Abbreviations: DCA, 3,4-dichloroaniline • DCPMU, 3-(3,4-dichlorophenyl)-1-methylurea • DCPU, 3-(3,4-dichlorophenyl)urea • K_oc, organic carbon partition coefficient • PELMO, Pesticide Leaching Model • PUF, polyurethane foam cartridge • TP, transformation product • TPS, theoretical profile shape

	INTRODUCTION

TOP ABSTRACT INTRODUCTION MATERIALS AND METHODS RESULTS AND DISCUSSION CONCLUSIONS REFERENCES

 
PESTICIDES are widely used in Italian food production. Italy ranks second in Europe (after France) and third worldwide in pesticide use, with over 50910 Mg of active ingredients sold every year. The phenylurea herbicides diuron and linuron are among the most used for weed control; they have a high level of phytotoxicity and act in plants as photosynthetic inhibitors. The effects of phenylurea herbicides on nontarget organisms are currently being studied and arouse concern (Simon et al., 1998). Diuron has been found to be highly toxic for some nontarget organisms (Nebeker and Schuytema, 1998; Teisseire et al., 1999), and its potential toxicity at cellular and subcellular levels has also been demonstrated (Chauhan et al., 1998). Linuron has been classified as possibly carcinogenic in humans by the USEPA (Wagner, 1983). However, above all, the metabolites have been reported to be more toxic than their parent compounds (World Health Organization, 1993; Simon et al., 1998; Tixier et al., 2000).

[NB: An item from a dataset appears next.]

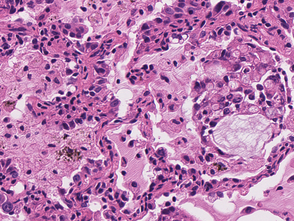
Tumor epithelial tissue: yes
Tumor-associated stroma tissue: yes
Normal tissue: no
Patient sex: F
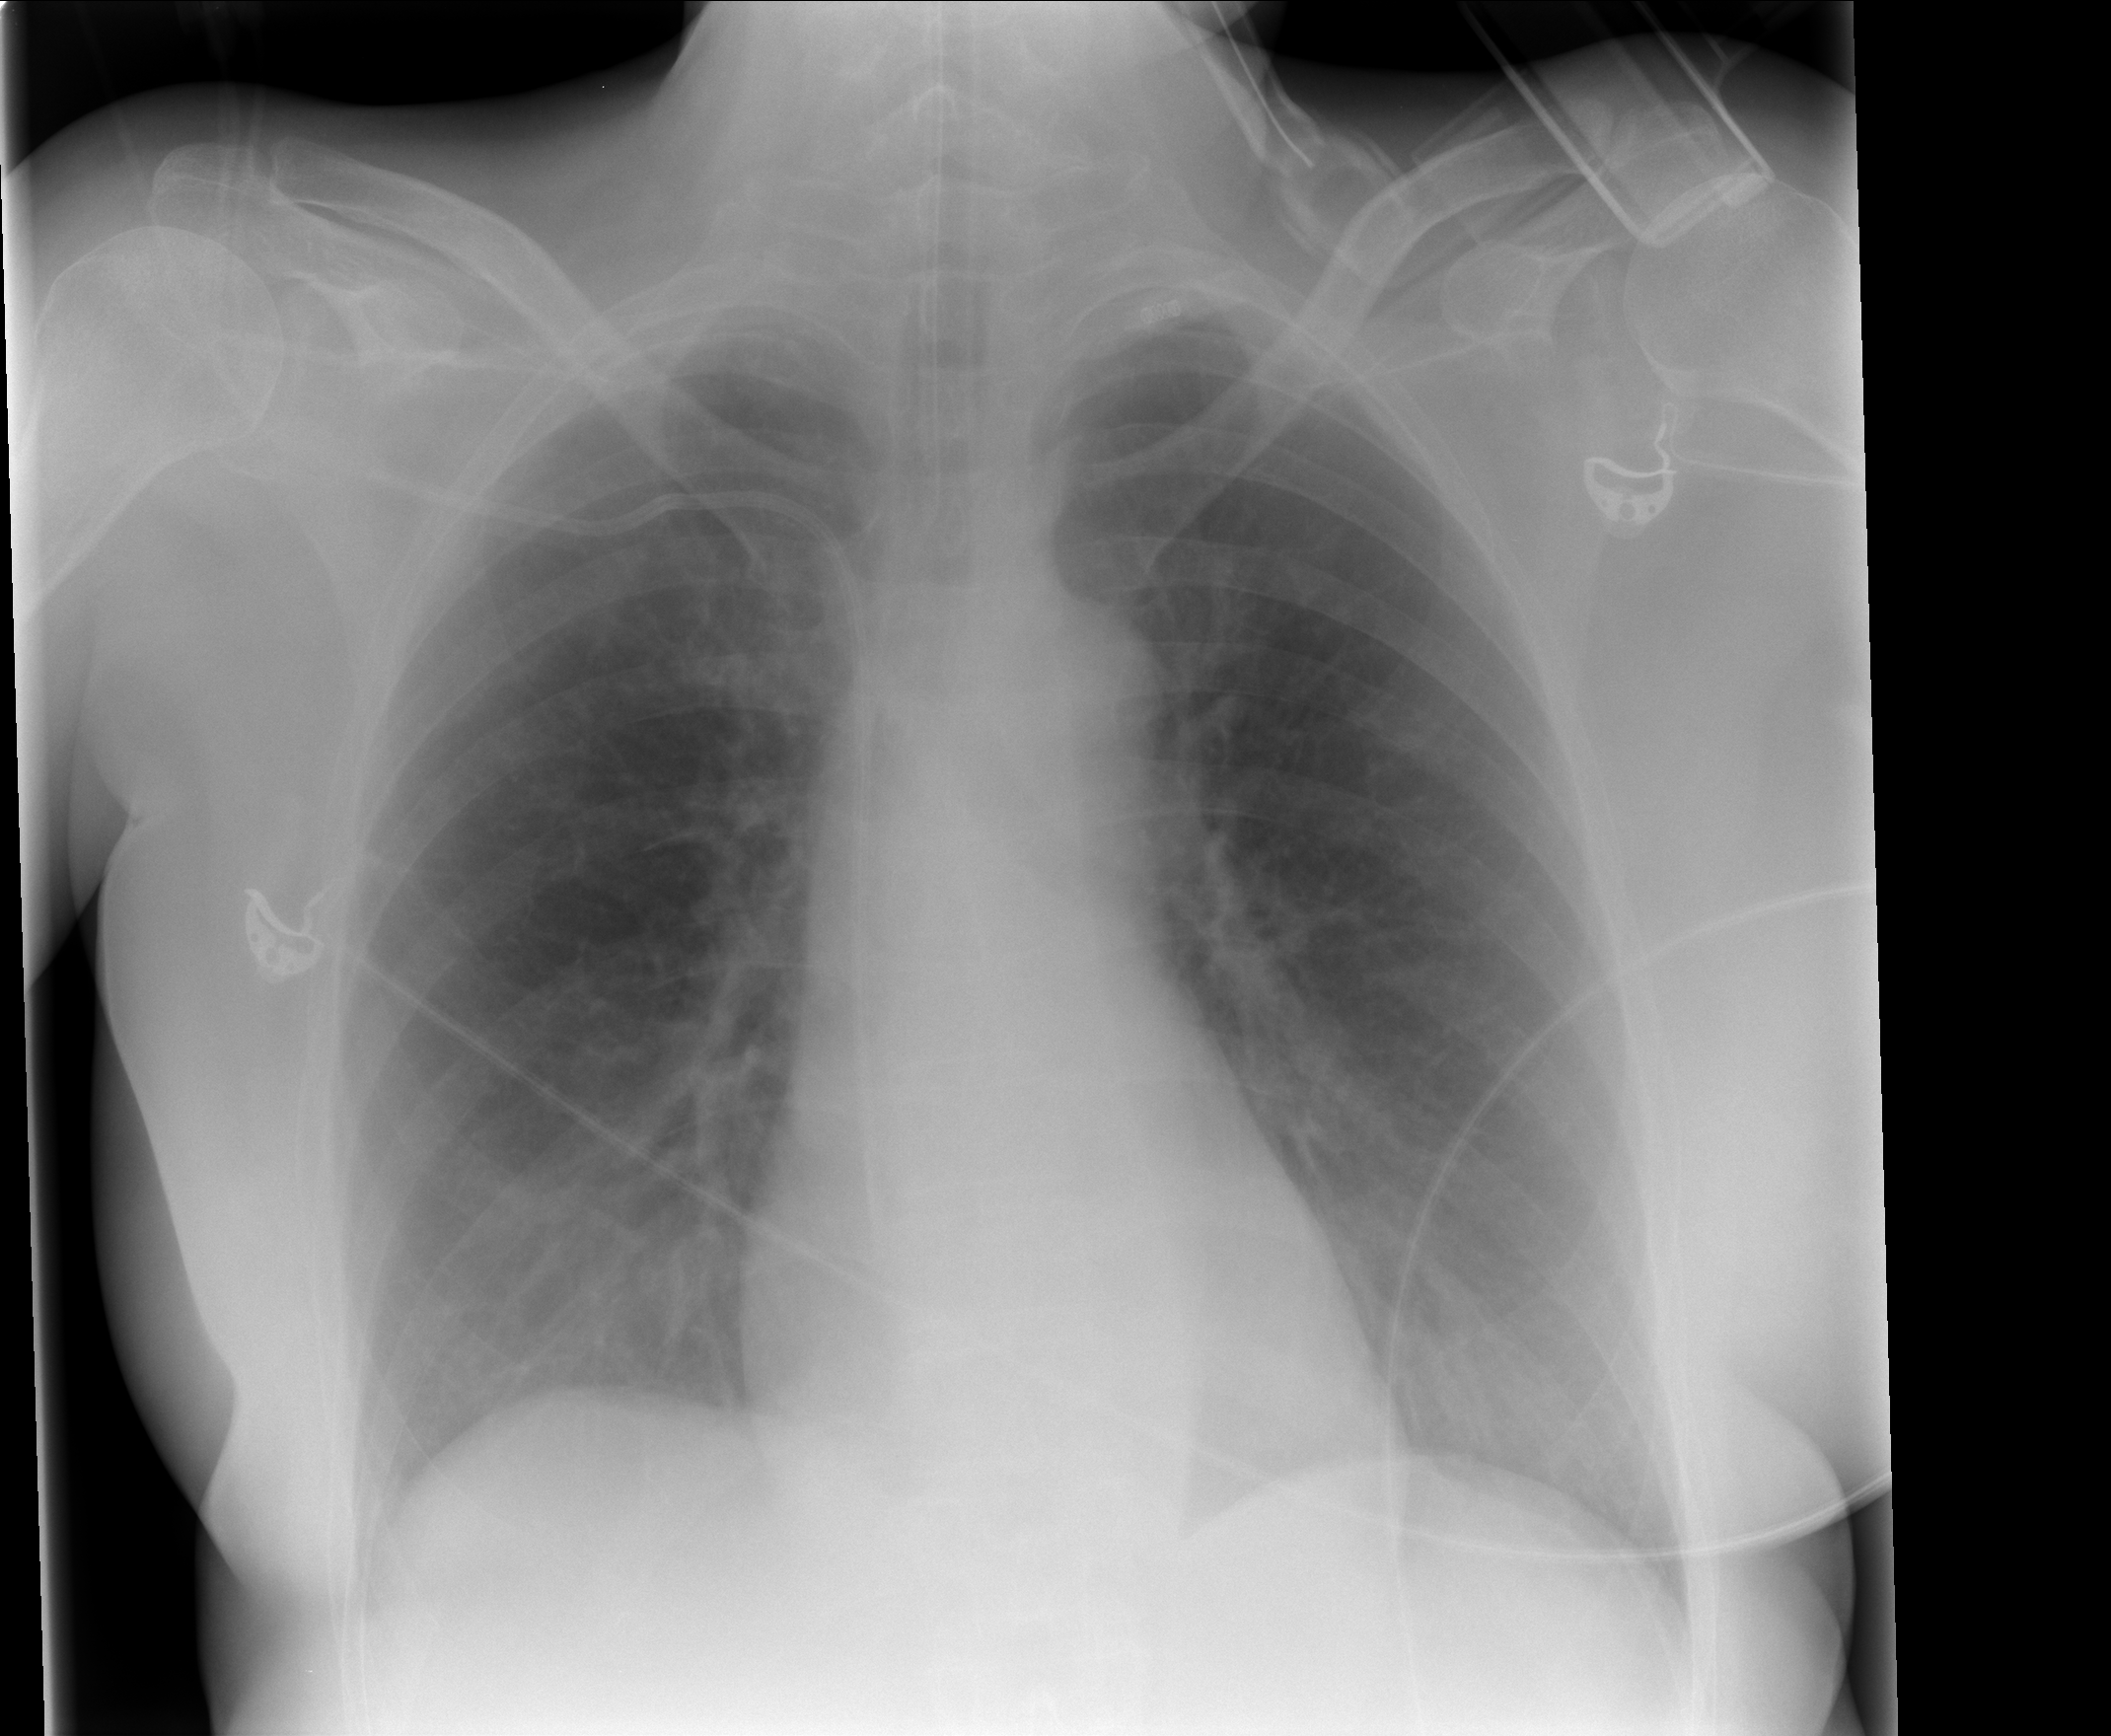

Linuron and diuron are relatively persistent in soil, with a quite variable DT₅₀ value (degradation time for 50% of the substance) in the field in a range from 30 to 180 d for diuron and from 30 to 150 d for linuron (Rao and Davidson, 1980; Cullington and Walker, 1999). Phenylurea herbicides together with their metabolites have been detected as contaminants of ground waters (Field et al., 1997; Spliid and Køppen, 1998).

After introduction into agricultural soils, several factors may affect the environmental fate of these herbicides. The environmental characteristics, such as agricultural practices, soil profile, and hydrological conditions, will determine their vertical and horizontal distribution in the field. Depending on these factors, herbicides can evaporate into the atmosphere, adsorb onto the soil, run off into rivers, be leached to ground water, accumulate in biota, and/or degrade via abiotic and biotic processes. The latter are involved in their complete degradation. Microbial metabolism is, in fact, recognized as the primary force in transformation and mineralization of phenylurea herbicides (Geißbuhler et al., 1973; Vroumsia et al., 1996; Gillian et al., 2001). Diuron and linuron are reported to be a substrate for bacterial growth (Engelhardt et al., 1971; Cullington and Walker, 1999; Widehem et al., 2002) and to be transformed to their metabolites (Haggblom, 1992). Nevertheless, some transformation products (TPs), such as DCPMU and DCA, cause concern because they show toxicological effects greater than their parent compounds (Lo et al., 1990; World Health Organization, 1993; Valentovic et al., 1997; Simon et al., 1998; Bauer et al., 1998; Tixier et al., 2000).

The environmental fate of herbicides can be studied at different levels: in the lab with disturbed or undisturbed soil columns (experiments particularly useful for calculation of the organic carbon partition coefficient [K_oc] and the DT₅₀ of herbicides) (Mallawantantri et al., 1996), or in the field with suction cup lysimeters (Byers et al., 1995) or soil enclosure lysimeters (Bergstrom, 1990; Lennartz et al., 2001). The first type of lysimeter is used particularly for studying the transport processes of herbicides from surface soil to ground water (Biocca, 2001; Guzzella et al., 2000), while the second type for measuring the mass balance of the herbicides in different environmental compartments (Bergstrom, 1990). In the latter type, the quantification of the amount of leaching herbicides is very accurate and precise, because the pore water is collected at the bottom of the different lysimeters and it can be used to quantify water volume collected and herbicide amount leached. The amount of herbicide leaching from the bottom of lysimeters takes into account both matrix transport and preferential flow transport in soil. The latter is one of the most important factors in significantly increasing the risk of ground water contamination. In fine textured soils, large and discontinuous macropores consisting of shrinkage cracks, earthworm channels, or root holes operate as preferential flow pathways and can cause rapid movement of chemicals through the unsaturated zone (Klavidko and Timmenga, 1990).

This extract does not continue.